## Problem details
This task calls for copying every line of the records that includes the word "Dennis".

(Beginning of Information provided)

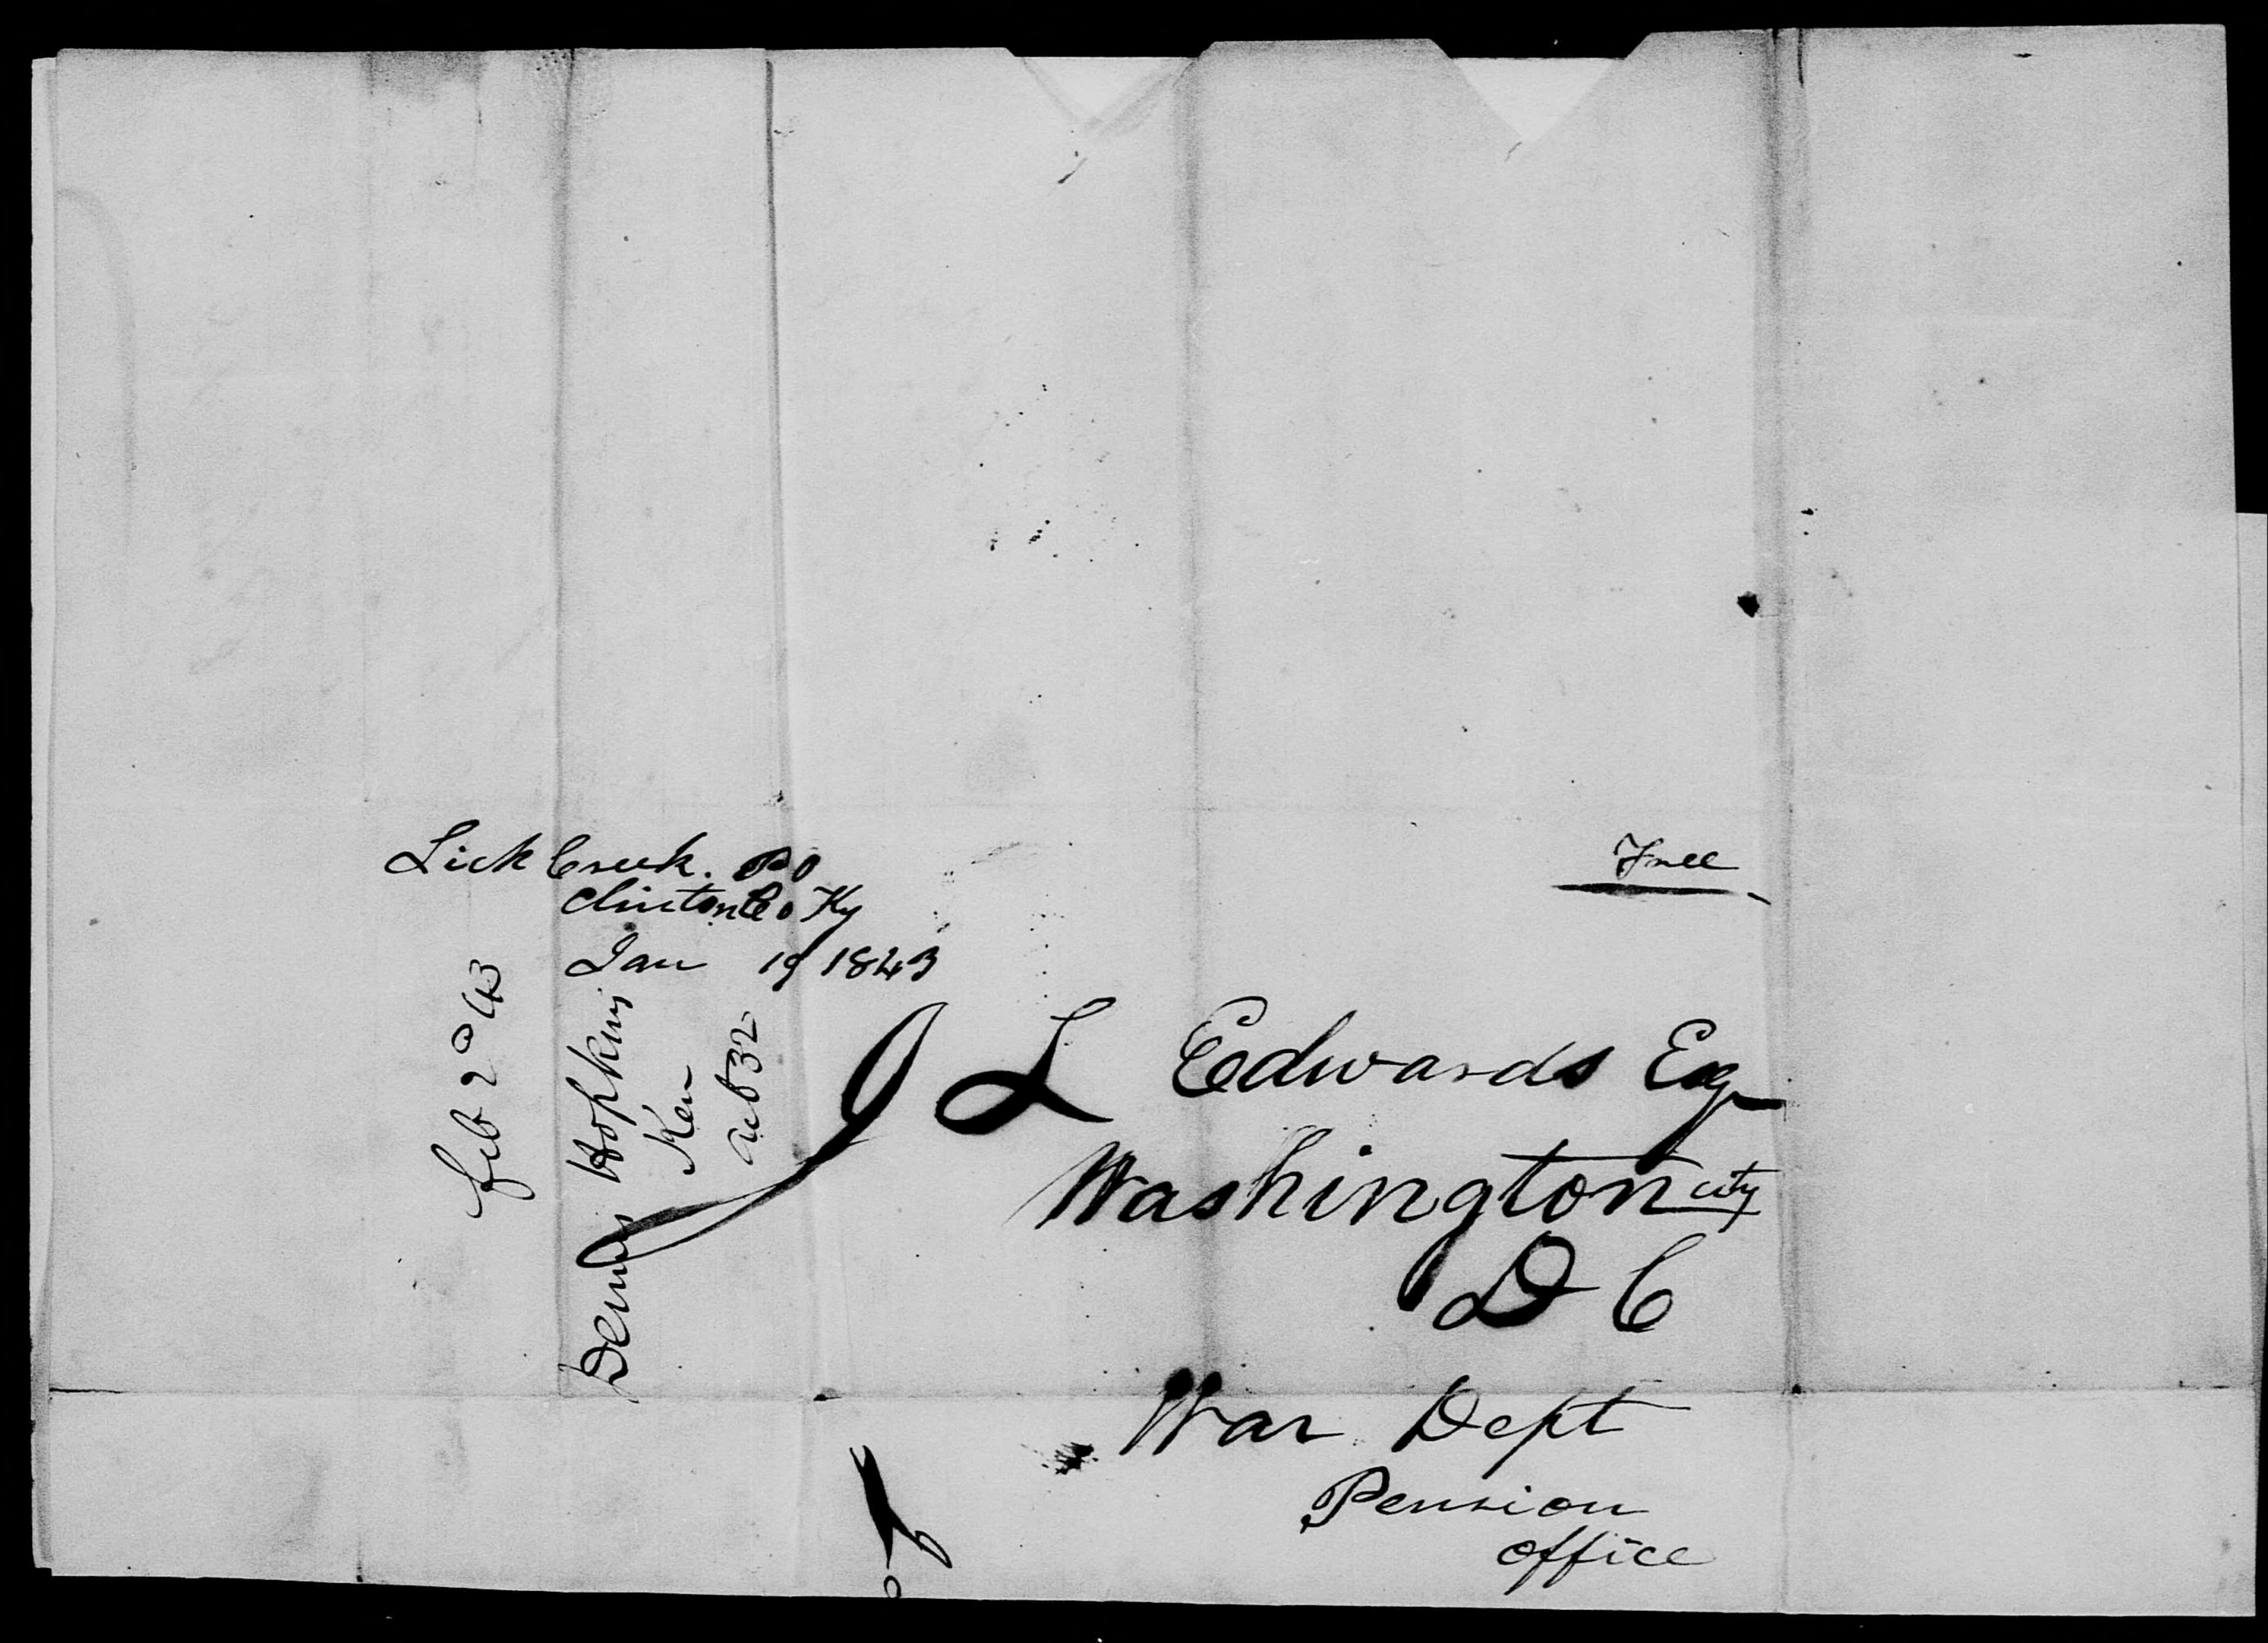Lick Creek PO
Clinton Co Ky
Jan 19 1843


vertical:
feb 2bd 43
Dennis Hopkins
Ken
act 32.
horizontal

Free
J L Edwards Esqr
Washington
DC
War Dept
Pension
office

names: Dennis Hopkings, J L Edwards
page: 17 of 144
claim: rejected
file: R. 5208, Dennis Hopkins, N.C.

(End of Information provided)

## Expected answer
Dennis Hopkins
names: Dennis Hopkings, J L Edwards
file: R. 5208, Dennis Hopkins, N.C.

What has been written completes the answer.